Listed entries:
★ ★ ★ ★ ★ ★ ★
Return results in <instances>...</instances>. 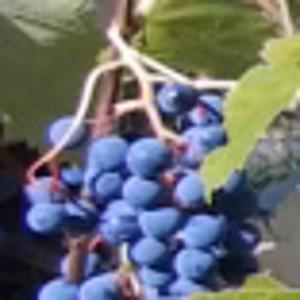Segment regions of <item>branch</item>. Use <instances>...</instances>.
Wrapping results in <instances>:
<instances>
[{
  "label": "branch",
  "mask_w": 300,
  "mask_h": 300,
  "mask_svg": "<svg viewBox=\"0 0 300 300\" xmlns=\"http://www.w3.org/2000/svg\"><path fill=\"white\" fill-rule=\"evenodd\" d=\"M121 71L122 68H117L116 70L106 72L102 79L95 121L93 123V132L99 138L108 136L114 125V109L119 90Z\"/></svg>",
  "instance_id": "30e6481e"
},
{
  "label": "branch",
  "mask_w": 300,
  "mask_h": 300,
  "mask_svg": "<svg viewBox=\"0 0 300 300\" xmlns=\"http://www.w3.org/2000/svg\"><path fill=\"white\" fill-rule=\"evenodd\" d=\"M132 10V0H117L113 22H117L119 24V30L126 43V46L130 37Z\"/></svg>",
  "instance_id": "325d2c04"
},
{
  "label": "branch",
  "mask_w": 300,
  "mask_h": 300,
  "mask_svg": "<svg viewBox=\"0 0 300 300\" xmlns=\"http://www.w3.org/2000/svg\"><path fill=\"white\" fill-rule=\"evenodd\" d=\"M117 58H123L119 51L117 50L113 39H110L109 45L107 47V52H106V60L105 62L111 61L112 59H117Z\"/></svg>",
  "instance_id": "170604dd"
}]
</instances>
★ ★ ★ ★ ★ ★ ★
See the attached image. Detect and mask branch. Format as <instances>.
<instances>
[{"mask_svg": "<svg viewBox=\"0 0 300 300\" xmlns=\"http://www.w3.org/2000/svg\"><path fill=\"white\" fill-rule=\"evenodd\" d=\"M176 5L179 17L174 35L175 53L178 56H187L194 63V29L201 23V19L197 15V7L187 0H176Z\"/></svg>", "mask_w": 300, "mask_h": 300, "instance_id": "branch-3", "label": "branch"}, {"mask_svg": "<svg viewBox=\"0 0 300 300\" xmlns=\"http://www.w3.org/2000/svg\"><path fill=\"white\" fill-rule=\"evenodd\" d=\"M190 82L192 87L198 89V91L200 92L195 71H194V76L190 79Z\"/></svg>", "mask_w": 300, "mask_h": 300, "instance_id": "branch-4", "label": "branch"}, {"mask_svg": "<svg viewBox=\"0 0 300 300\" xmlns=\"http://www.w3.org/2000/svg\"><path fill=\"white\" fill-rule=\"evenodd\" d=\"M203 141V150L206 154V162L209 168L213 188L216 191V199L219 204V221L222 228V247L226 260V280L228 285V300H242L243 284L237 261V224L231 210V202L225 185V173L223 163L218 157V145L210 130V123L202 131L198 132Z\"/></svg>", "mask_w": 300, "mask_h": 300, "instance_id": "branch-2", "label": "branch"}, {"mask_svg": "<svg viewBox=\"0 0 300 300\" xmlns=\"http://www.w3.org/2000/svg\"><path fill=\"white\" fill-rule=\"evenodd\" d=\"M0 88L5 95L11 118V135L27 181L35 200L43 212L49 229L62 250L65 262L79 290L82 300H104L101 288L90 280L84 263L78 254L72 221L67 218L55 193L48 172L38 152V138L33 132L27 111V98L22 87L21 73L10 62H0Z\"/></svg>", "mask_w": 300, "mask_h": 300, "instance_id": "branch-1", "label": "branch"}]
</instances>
★ ★ ★ ★ ★ ★ ★
Work required:
Within the data, how many lines hold the word "viewBox"? State only that number.

Written response:
4